Pls kindly check the bptm, bpbrm and bpkar logs as attach

Marianne
Moderator
Moderator
Partner    VIP    Accredited Certified

The logging level seems quite low and the bpbkar log does not correspond with the Job Details.
There is nothing in bpbkar log after 11pm with PID 3920. 
Is the Media server the Backup host, or do you have a different backup host? 

What I have noticed is that you seem to be using NBU 7.6.0.3.
If your NBU version is that old, does it mean that everything else in your server and network infrastructure is also old and outdated? 

All logs seems to indicate external network failure:
bpbrm: An existing connection was forcibly closed by the remote host.
bptm: unable to perform read from client socket, connection may have been broken
bpbkar (at 6am) dtcp_read: TCP - failure: recv socket (1004) (TCP 10058: Can't send after socket shutdown)

As per @quebek 's post - check NIC drivers and firmware on all servers. 

Hello Marianne,

Thanks for your time and explanation,

I will increase the bpkar log level to get more information.

Media is Backup host and infra is outdated 

Netbackup is NBU 7.6.0.3.

VMWare is 5.5

Hi Marianne,

In my media server (backup host) GUI logging setting have only bptm and bpbrm. 

could you pls advise how can i increase bpkar log level. thanks

when i reading in communities about network read fail (42): some suggest to increase client read timeout setting in media and client server. if still happen advise to add resiliency network. should i increase and it can impact to other jobs?

 

Marianne
Moderator
Moderator
Partner    VIP    Accredited Certified

Log folders need to be created manually.

If you only see bptm and bpbrm, it's because other log folders (like bpbkar) was never created.

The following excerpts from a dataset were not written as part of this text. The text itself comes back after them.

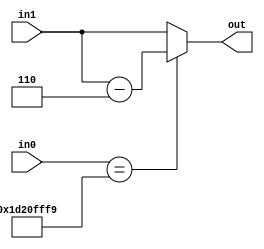
module mux

(
    in0, in1, out
);
	
	
	input [31:0] in0;
	wire [31:0] in0;

	input [31:0] in1;
	wire [31:0] in1;
	
	output [31:0] out;
	reg [31:0] out;

        parameter count = 2;
	always @(in0)
        begin
	if ((in0=='h1d20fff9) && (count>0))
           begin
           out = in1-6;
           count = count - 1;
           end
	else
	   out = in1;
	end
	
    
 endmodule
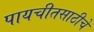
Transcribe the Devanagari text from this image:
पायचीतसाठीचे
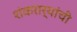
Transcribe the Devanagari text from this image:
शंकरार्यांची
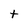
Character: t
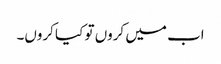
اب میں کروں تو کیا کروں۔
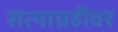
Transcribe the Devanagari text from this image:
सत्याग्रहींवर
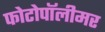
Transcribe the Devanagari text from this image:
फोटोपॉलीमर
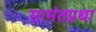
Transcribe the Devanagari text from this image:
सामंतप्रथा
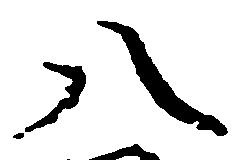
八
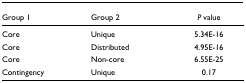
<table><thead><tr><td><b>Group 1</b></td><td><b>Group 2</b></td><td><b><i>P </i>value</b></td></tr></thead><tbody><tr><td>Core</td><td>Unique</td><td>5.34E-16</td></tr><tr><td>Core</td><td>Distributed</td><td>4.95E-16</td></tr><tr><td>Core</td><td>Non-core</td><td>6.55E-25</td></tr><tr><td>Contingency</td><td>Unique</td><td>0.17</td></tr></tbody></table>
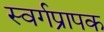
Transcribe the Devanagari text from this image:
स्वर्गप्रापक
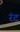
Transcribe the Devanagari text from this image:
रंट
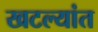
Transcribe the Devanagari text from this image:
खटल्यांत
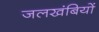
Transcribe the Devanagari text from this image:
जलखंबियों
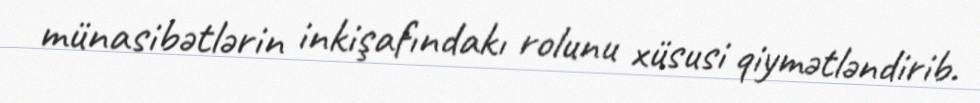
münasibətlərin inkişafındakı rolunu xüsusi qiymətləndirib.
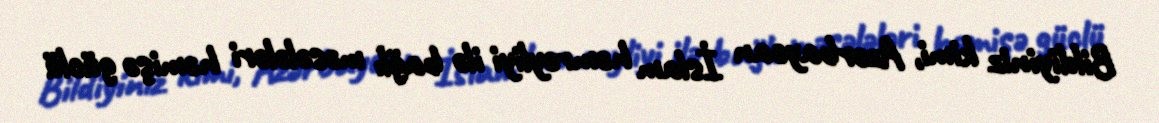
Bildiyiniz kimi, Azərbaycan İslam həmrəyliyi ilə bağlı məsələləri həmişə güclü
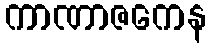
ကာဏာဇကေန
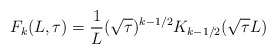
\begin{align*}F_k(L, \tau) = {1 \over L} (\sqrt{\tau})^{k-1/2} K_{k-1/2} (\sqrt{\tau} L) \end{align*}
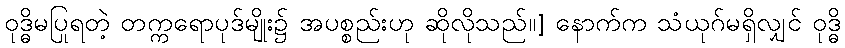
ဝုဒ္ဓိမပြုရတဲ့ တက္ကရောပုဒ်မျိုး၌ အပစ္စည်းဟု ဆိုလိုသည်။] နောက်က သံယုဂ်မရှိလျှင် ဝုဒ္ဓိ
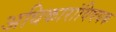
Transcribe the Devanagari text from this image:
अधिकारांविषयक
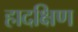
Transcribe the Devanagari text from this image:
हादक्षिण
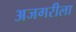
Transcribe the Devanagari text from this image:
अजगरीला
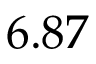
6 . 8 7
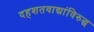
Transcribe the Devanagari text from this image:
दहशतवाद्यांविरुद्ध
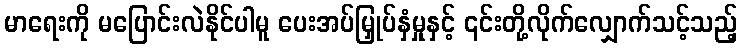
မာရေးကို မပြောင်းလဲနိုင်ပါမူ ပေးအပ်မြှုပ်နှံမှုနှင့် ၎င်းတို့လိုက်လျှောက်သင့်သည့်

Logging levels are adjusted in Host Properties.

I doubt that the problem is with timeouts - we would've see evidence in bpbrm log.
Client Read and Client Connect timeouts are also set in Host Properties  -> Media Server.

hello Marianne,

bpkar folder is already created.

pls let me know if i change client read timeout to 3600,i worried about it will take one hour and can impact to other jobs?

current read timeout is 300

pls suggest

Marianne
Moderator
Moderator
Partner    VIP    Accredited Certified

I did not see any evidence in the logs that backups were terminated due to 5-min timeout.

You are welcome to increase timeouts (I would not change it to more than 900 or 1800 max).